[The task]: Give back the entries that follow exactly as written. Any picture gets left out.

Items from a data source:
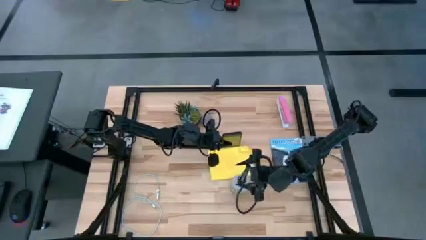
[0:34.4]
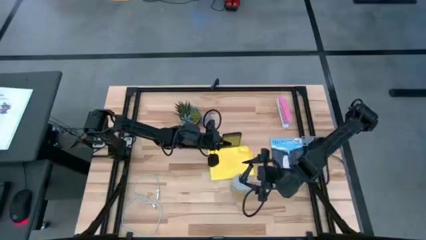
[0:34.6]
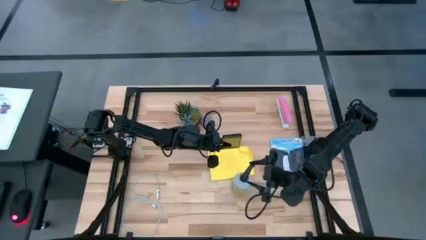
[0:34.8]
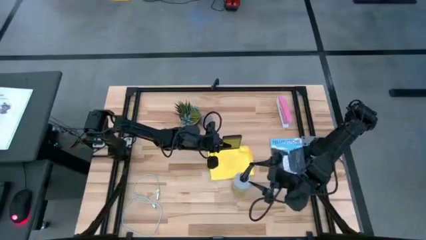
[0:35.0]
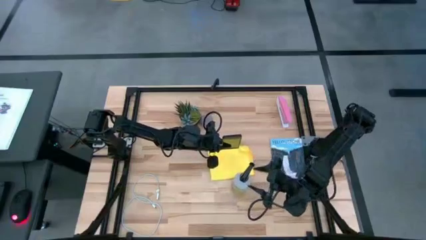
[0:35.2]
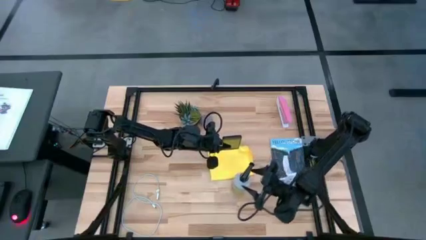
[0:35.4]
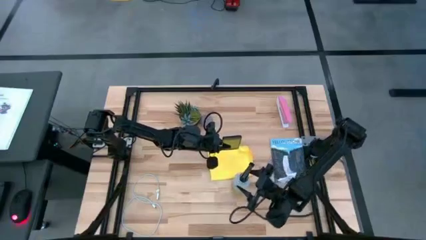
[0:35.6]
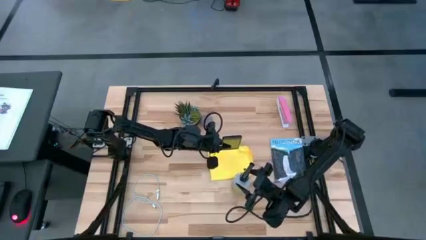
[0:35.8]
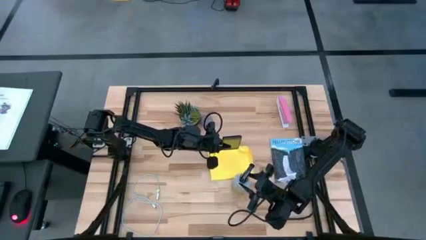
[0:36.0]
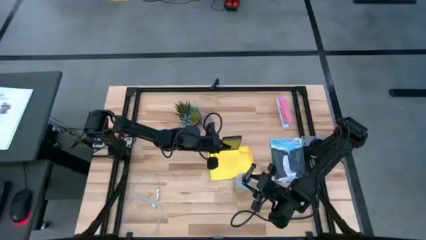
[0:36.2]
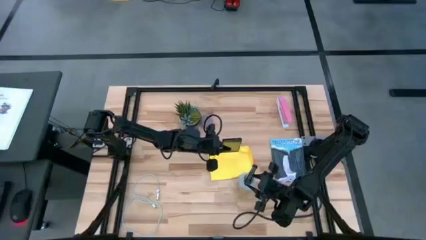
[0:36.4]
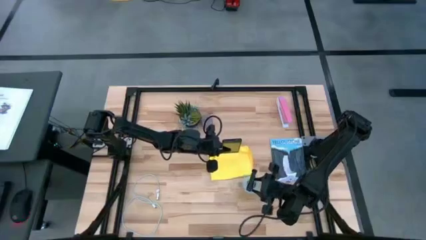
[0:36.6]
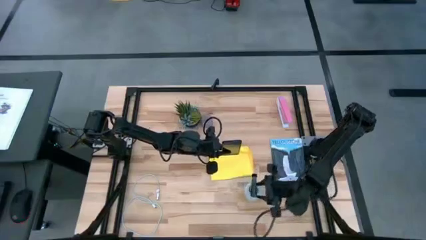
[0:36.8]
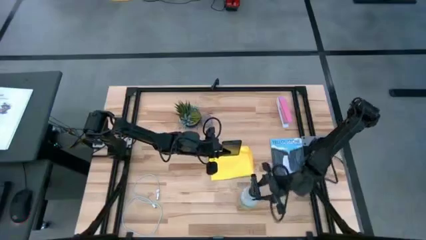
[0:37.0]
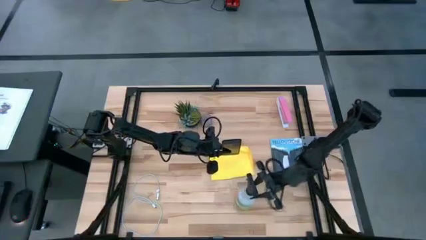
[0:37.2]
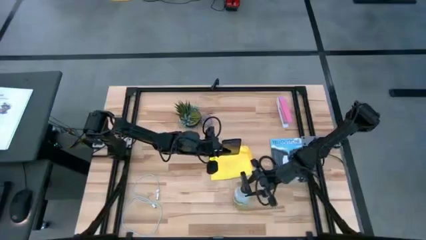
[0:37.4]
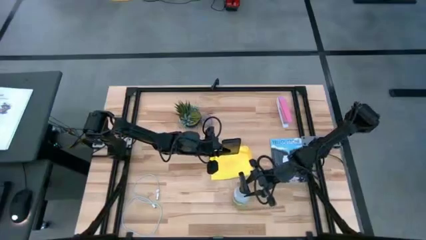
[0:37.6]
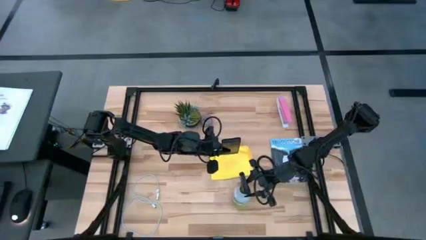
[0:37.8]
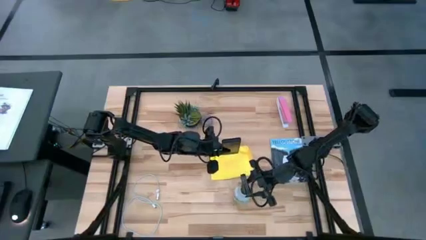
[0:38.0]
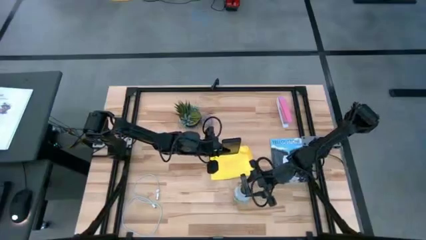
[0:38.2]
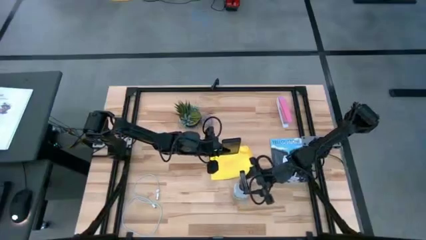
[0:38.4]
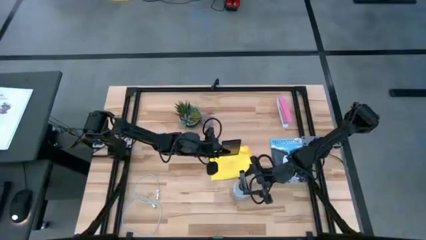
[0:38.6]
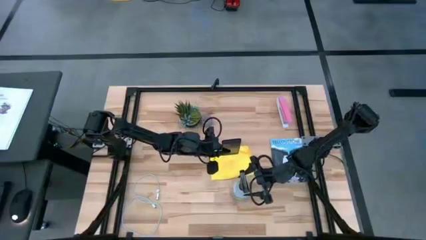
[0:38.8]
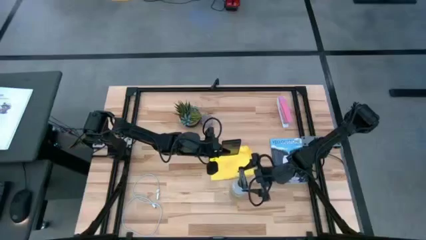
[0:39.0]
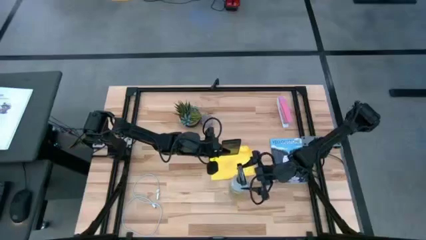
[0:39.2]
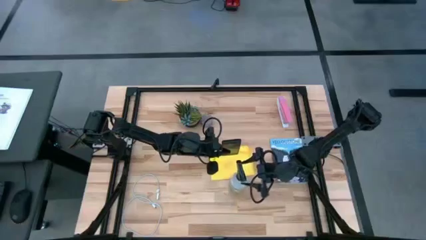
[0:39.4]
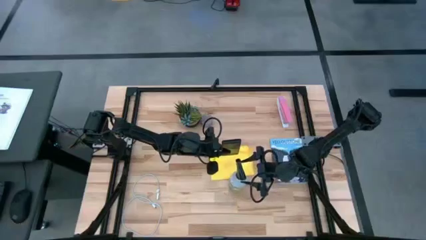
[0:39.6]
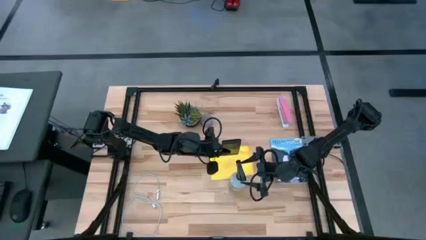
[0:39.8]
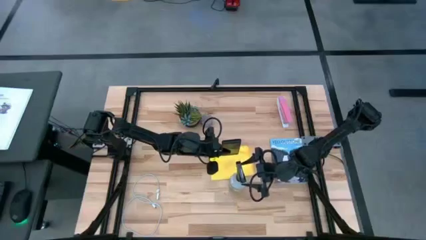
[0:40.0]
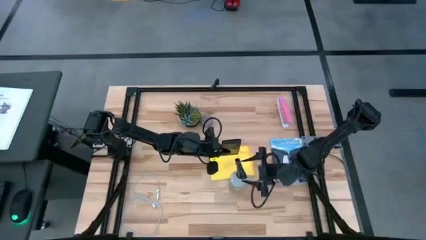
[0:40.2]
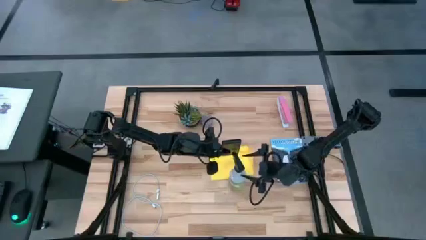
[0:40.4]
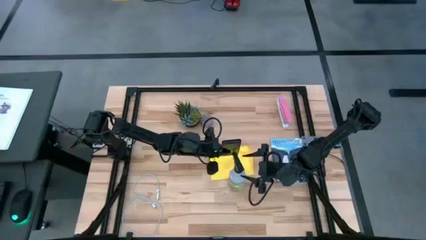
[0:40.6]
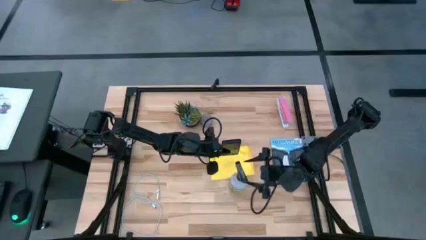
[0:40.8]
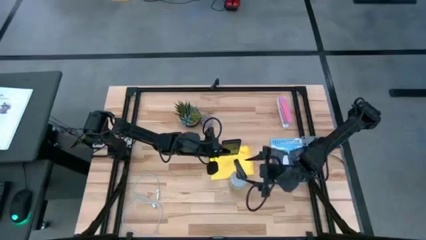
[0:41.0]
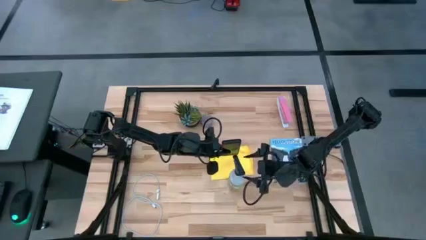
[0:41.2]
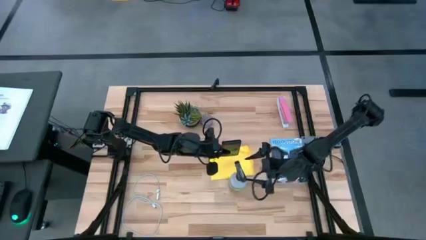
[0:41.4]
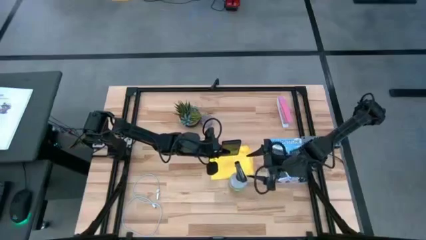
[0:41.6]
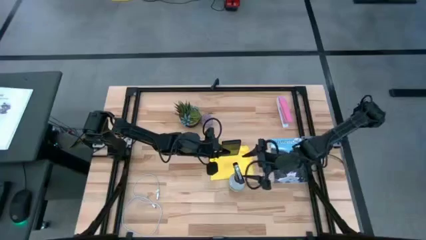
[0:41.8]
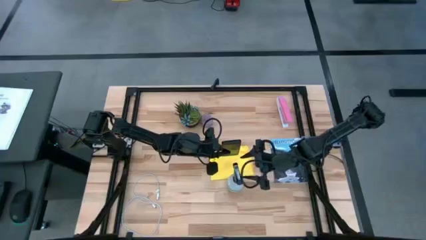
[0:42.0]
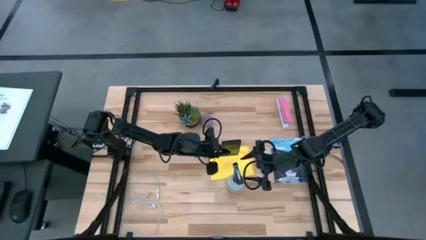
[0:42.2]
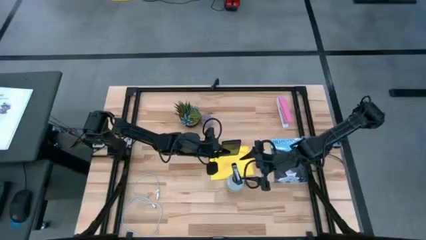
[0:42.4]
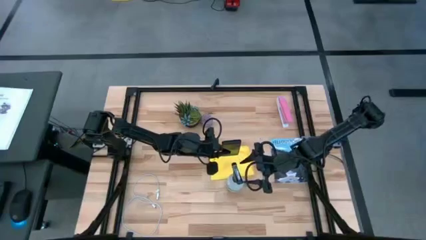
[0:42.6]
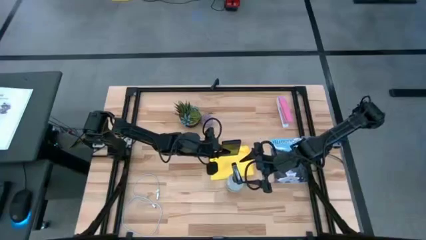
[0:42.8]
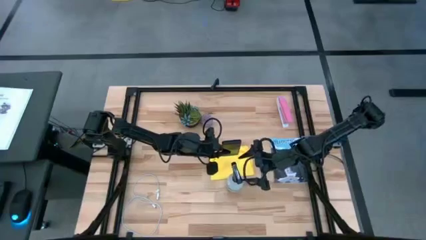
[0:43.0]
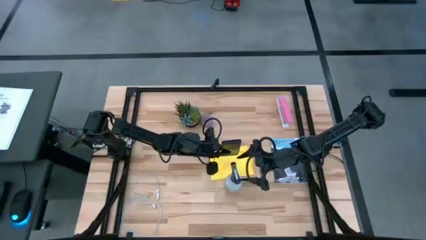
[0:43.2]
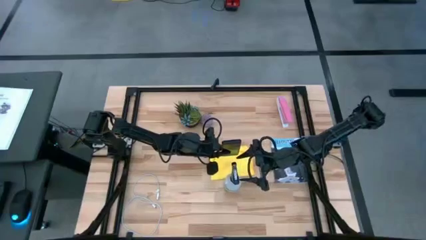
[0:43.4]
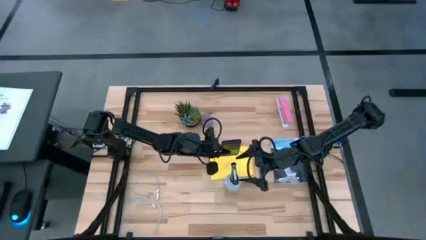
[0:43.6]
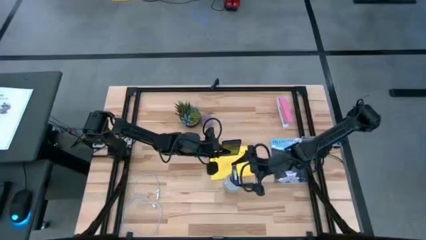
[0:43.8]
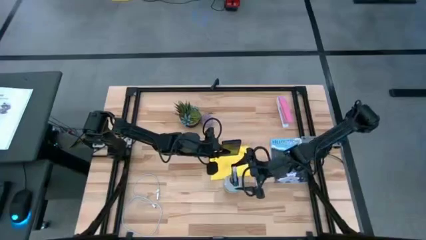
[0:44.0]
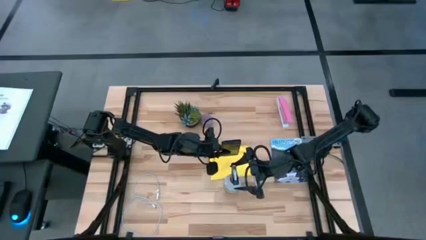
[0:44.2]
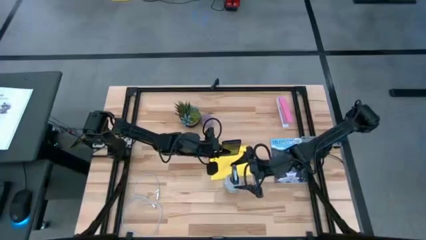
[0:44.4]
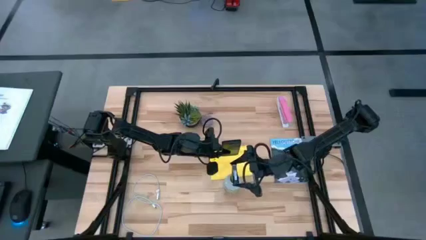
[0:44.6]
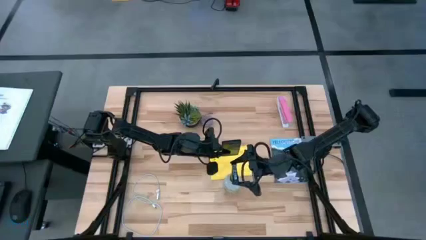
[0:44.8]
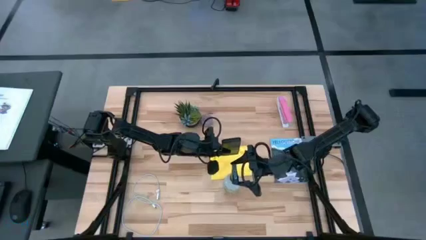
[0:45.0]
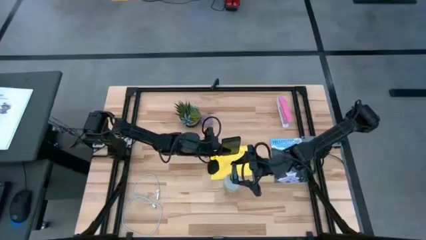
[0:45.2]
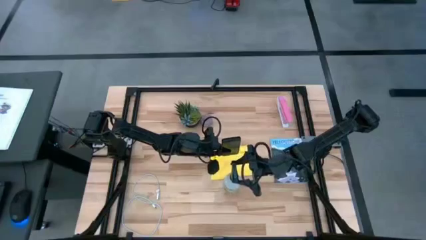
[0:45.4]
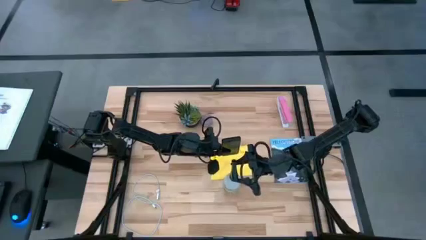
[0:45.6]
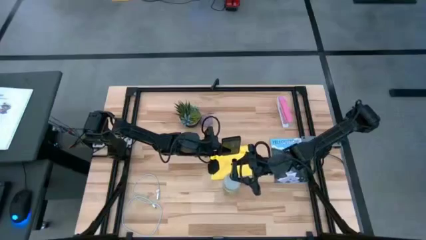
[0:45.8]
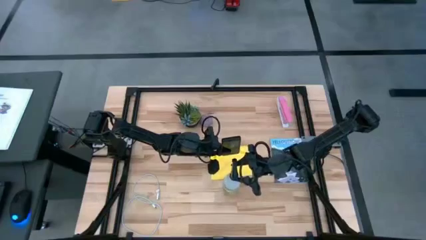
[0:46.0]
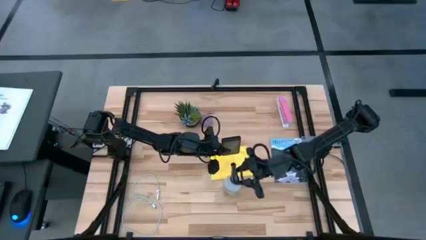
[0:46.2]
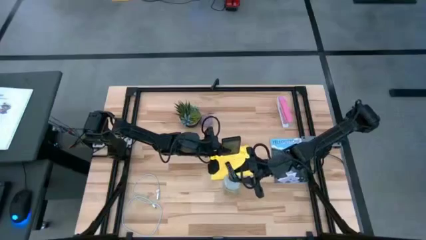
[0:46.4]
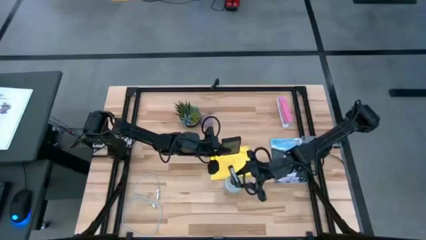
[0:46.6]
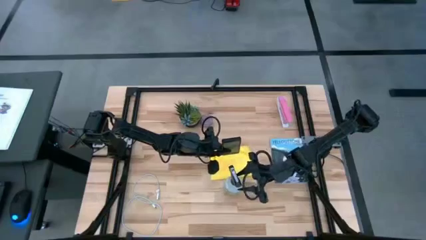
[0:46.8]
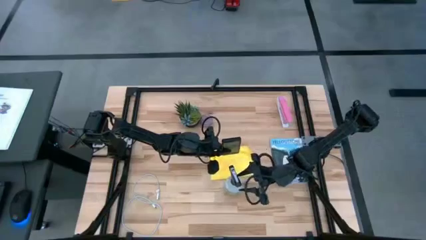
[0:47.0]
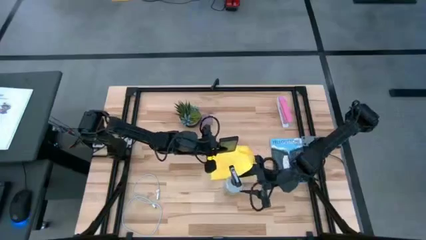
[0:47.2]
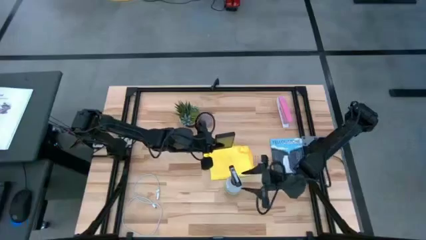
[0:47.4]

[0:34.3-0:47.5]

[Written solution]:
[0:34.4]
[0:34.6]
[0:34.8]
[0:35.0]
[0:35.2]
[0:35.4]
[0:35.6]
[0:35.8]
[0:36.0]
[0:36.2]
[0:36.4]
[0:36.6]
[0:36.8]
[0:37.0]
[0:37.2]
[0:37.4]
[0:37.6]
[0:37.8]
[0:38.0]
[0:38.2]
[0:38.4]
[0:38.6]
[0:38.8]
[0:39.0]
[0:39.2]
[0:39.4]
[0:39.6]
[0:39.8]
[0:40.0]
[0:40.2]
[0:40.4]
[0:40.6]
[0:40.8]
[0:41.0]
[0:41.2]
[0:41.4]
[0:41.6]
[0:41.8]
[0:42.0]
[0:42.2]
[0:42.4]
[0:42.6]
[0:42.8]
[0:43.0]
[0:43.2]
[0:43.4]
[0:43.6]
[0:43.8]
[0:44.0]
[0:44.2]
[0:44.4]
[0:44.6]
[0:44.8]
[0:45.0]
[0:45.2]
[0:45.4]
[0:45.6]
[0:45.8]
[0:46.0]
[0:46.2]
[0:46.4]
[0:46.6]
[0:46.8]
[0:47.0]
[0:47.2]
[0:47.4]

[0:34.3-0:47.5]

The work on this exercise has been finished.